In information theory the information entropy of a vector of probabilities $\bf p$ can be defined as
$$I_b({\bf p}) = -\sum_{\forall i} p_i \log_b(p_i) = -{\bf p}^T \log_b({\bf p})$$
Where $1^T{\bf p} = 1$ is the probability sums to 100% condition which all probabilities must obey together with positivity $p_i \geq 0, \forall i$ .
Now to the question how would it be possible to make this quantity linear in the sense that we can express it with linear algebra and solve for it using ordinary least squares as we would if it were a linear equation system or minimization?
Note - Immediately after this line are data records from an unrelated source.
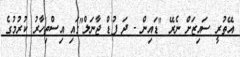
އޭތުރީ ސައިޒަށް ނެރޭ "ޑައިން - ދަ ފުޑް ޖާނަލް"ގައި އިސްތިހާރު ކުރުމުގެ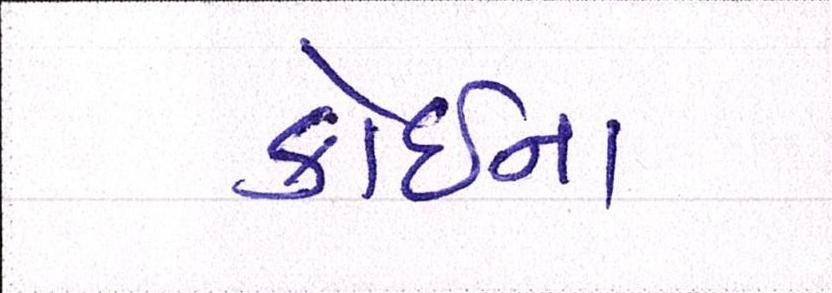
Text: કોઇના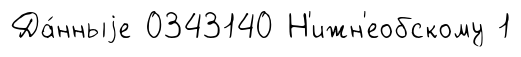
Да́нныjе 0343140 Н'ижн'еобскому 1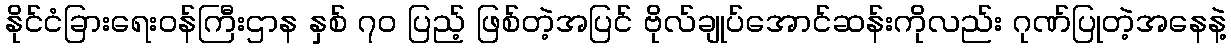
နိုင်ငံခြားရေးဝန်ကြီးဌာန နှစ် ၇၀ ပြည့် ဖြစ်တဲ့အပြင် ဗိုလ်ချုပ်အောင်ဆန်းကိုလည်း ဂုဏ်ပြုတဲ့အနေနဲ့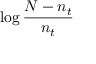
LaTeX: \log { \frac { N - n _ { t } } { n _ { t } } }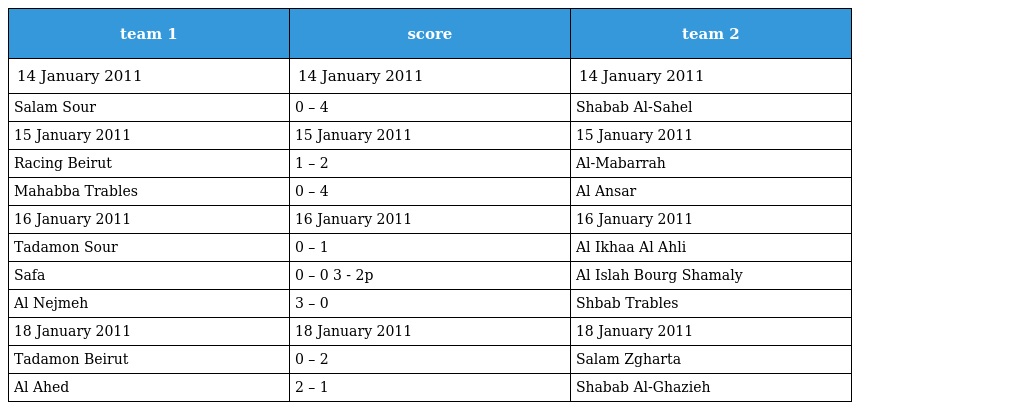
| team 1 | score | team 2 |
 | --- | --- | --- |
 | 14 January 2011 | 14 January 2011 | 14 January 2011 |
 | Salam Sour | 0 – 4 | Shabab Al-Sahel |
 | 15 January 2011 | 15 January 2011 | 15 January 2011 |
 | Racing Beirut | 1 – 2 | Al-Mabarrah |
 | Mahabba Trables | 0 – 4 | Al Ansar |
 | 16 January 2011 | 16 January 2011 | 16 January 2011 |
 | Tadamon Sour | 0 – 1 | Al Ikhaa Al Ahli |
 | Safa | 0 – 0 3 - 2p | Al Islah Bourg Shamaly |
 | Al Nejmeh | 3 – 0 | Shbab Trables |
 | 18 January 2011 | 18 January 2011 | 18 January 2011 |
 | Tadamon Beirut | 0 – 2 | Salam Zgharta |
 | Al Ahed | 2 – 1 | Shabab Al-Ghazieh |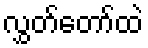
လွှတ်တော်ထဲ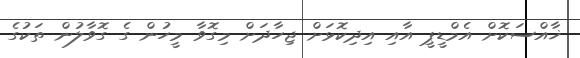
ޚާއްސަކޮށް އެމްޑީޕީ އާއި އިދިކޮޅަށް ޖިހާދަށް މިގޮވާ މީހުން ގެ ގޮވާލުން ތަކުގެ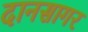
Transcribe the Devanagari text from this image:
दानसागर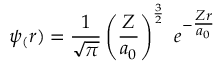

$p \log p$ isn't nice around $p=0$ due to the behavior of $\log p$ -- to see some issues that could occur, for example, in estimating entropy from data, see arXiv:1407.0381 [cs.IT]. The paper outlines some polynomial approximation techniques for $-p \log p$ in section 4. If you knew all your elements of $p$ had to be far away from $0$, you could do something like a Taylor series about a probability vector with full support (i.e. no zero elements).
That being said, entropy is concave, so maximizing entropy over a convex subset of probability distributions isn't hard. This functionality is built into packages like CVX.
Minimizing a concave function isn't straightforward, but you do have some structural properties of entropy (e.g. looking more like a point mass helps reduce entropy). But you're maximizing entropy in a lot more cases than minimizing it.